Фройляйн Ульрика стоит перед письменным столом в кабинете директрисы. От волнения на щеках у нее выступили круглые пятна, красные как вареные раки.
— Я просто не в состоянии молчать! — выпаливает она. — Я должна с вами поделиться! Если бы я знала, что делать!
— Ну, ну, — говорит фрау Мутезиус. — Что же такое у вас на сердце, милочка?
— Они вовсе не астрологические близнецы!
— Кого вы имеете в виду? — улыбается фрау Мутезиус. — Английского короля и портного?
— Нет! Луизу Пальфи и Лотту Кернер! Я проверила по регистрационной книге! Они обе родились в Линце в один и тот же день. Это не может быть случайным совпадением.
— По всей вероятности, это не случайность, милочка. Я тоже думала об этом.
— Так вы знаете? — спрашивает фройляйн Ульрика, хватая ртом воздух.
— Разумеется! Когда Лотта приехала, я спросила у нее и записала все эти данные, потом сравнила их с данными Луизы Пальфи.
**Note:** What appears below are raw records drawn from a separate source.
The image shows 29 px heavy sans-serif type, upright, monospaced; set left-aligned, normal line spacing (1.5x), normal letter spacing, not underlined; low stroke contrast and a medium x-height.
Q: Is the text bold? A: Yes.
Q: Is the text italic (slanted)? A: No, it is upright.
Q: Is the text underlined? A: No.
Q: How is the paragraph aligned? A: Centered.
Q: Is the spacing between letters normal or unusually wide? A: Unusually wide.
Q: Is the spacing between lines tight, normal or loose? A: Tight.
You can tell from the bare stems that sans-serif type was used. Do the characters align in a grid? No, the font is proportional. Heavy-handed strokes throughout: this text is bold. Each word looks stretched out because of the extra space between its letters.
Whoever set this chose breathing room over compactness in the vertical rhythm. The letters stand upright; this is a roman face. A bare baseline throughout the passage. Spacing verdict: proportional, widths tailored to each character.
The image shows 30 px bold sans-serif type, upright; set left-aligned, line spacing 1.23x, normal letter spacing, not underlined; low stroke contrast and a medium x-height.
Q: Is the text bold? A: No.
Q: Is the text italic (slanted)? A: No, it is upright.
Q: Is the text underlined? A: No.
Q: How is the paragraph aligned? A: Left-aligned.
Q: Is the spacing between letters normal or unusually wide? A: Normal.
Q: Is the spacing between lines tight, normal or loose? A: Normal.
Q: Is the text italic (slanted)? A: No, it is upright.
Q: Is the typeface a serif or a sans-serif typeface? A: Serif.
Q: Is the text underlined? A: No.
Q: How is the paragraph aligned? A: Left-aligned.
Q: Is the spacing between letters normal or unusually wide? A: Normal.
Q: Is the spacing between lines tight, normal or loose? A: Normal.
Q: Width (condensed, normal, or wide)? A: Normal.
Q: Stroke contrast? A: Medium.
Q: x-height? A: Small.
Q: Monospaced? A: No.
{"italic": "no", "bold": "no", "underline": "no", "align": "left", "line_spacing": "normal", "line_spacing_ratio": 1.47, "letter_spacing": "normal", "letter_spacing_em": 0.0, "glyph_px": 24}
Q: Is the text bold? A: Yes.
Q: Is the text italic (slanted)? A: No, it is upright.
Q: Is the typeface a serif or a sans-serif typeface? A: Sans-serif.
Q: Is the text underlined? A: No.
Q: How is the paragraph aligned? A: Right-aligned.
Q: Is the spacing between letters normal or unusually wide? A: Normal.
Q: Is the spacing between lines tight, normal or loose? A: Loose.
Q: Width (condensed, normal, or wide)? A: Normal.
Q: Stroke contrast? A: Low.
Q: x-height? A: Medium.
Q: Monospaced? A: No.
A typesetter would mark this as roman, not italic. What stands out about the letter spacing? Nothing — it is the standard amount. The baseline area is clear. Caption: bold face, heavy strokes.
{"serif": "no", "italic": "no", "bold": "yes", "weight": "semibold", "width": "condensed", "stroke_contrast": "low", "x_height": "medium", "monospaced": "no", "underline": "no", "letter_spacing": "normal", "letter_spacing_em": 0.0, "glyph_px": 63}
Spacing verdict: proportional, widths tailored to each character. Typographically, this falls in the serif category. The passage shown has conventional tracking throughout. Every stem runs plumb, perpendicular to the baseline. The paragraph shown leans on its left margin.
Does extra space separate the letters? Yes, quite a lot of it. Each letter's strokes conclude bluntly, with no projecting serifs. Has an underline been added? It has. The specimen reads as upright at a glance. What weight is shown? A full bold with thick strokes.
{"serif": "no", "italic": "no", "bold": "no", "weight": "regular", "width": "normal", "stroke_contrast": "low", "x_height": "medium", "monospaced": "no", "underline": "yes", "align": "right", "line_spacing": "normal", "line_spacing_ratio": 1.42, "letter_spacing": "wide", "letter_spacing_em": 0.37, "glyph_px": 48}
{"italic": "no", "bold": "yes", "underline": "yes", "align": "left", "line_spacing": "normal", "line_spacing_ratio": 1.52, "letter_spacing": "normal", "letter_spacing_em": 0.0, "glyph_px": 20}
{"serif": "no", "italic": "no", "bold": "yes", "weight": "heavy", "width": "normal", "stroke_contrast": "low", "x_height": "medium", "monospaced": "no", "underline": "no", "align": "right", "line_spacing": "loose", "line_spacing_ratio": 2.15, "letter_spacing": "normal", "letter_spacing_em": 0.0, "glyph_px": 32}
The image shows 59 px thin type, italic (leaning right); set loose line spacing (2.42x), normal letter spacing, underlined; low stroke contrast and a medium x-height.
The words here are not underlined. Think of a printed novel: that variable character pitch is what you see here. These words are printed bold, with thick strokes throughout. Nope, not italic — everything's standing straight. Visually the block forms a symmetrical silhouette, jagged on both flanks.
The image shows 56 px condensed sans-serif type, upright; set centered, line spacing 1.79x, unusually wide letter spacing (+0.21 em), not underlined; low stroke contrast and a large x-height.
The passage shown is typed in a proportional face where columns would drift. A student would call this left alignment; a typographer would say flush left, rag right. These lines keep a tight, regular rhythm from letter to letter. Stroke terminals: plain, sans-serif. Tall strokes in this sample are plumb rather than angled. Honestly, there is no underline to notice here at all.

И данные эти до некоторой степени совпадают. Обе родились в один и тот же день в одном и том же месте.
— И что же теперь будет?
— Ничего! Если вы, милочка, кому-нибудь только заикнетесь, я вам уши оборву.
— Но…
— Никаких но! Дети ни о чем не подозревают! На днях они сфотографировались и намерены послать эти карточки домой. Если таким образом клубок распутается, прекрасно! Но мы с вами… Боже нас упаси играть роль Провидения. Благодарю вас за вашу проницательность! А теперь, будьте добры прислать ко мне повариху!
Фройляйн Ульрика покидает кабинет, и лицо нее не слишком умное. Впрочем, это не новость!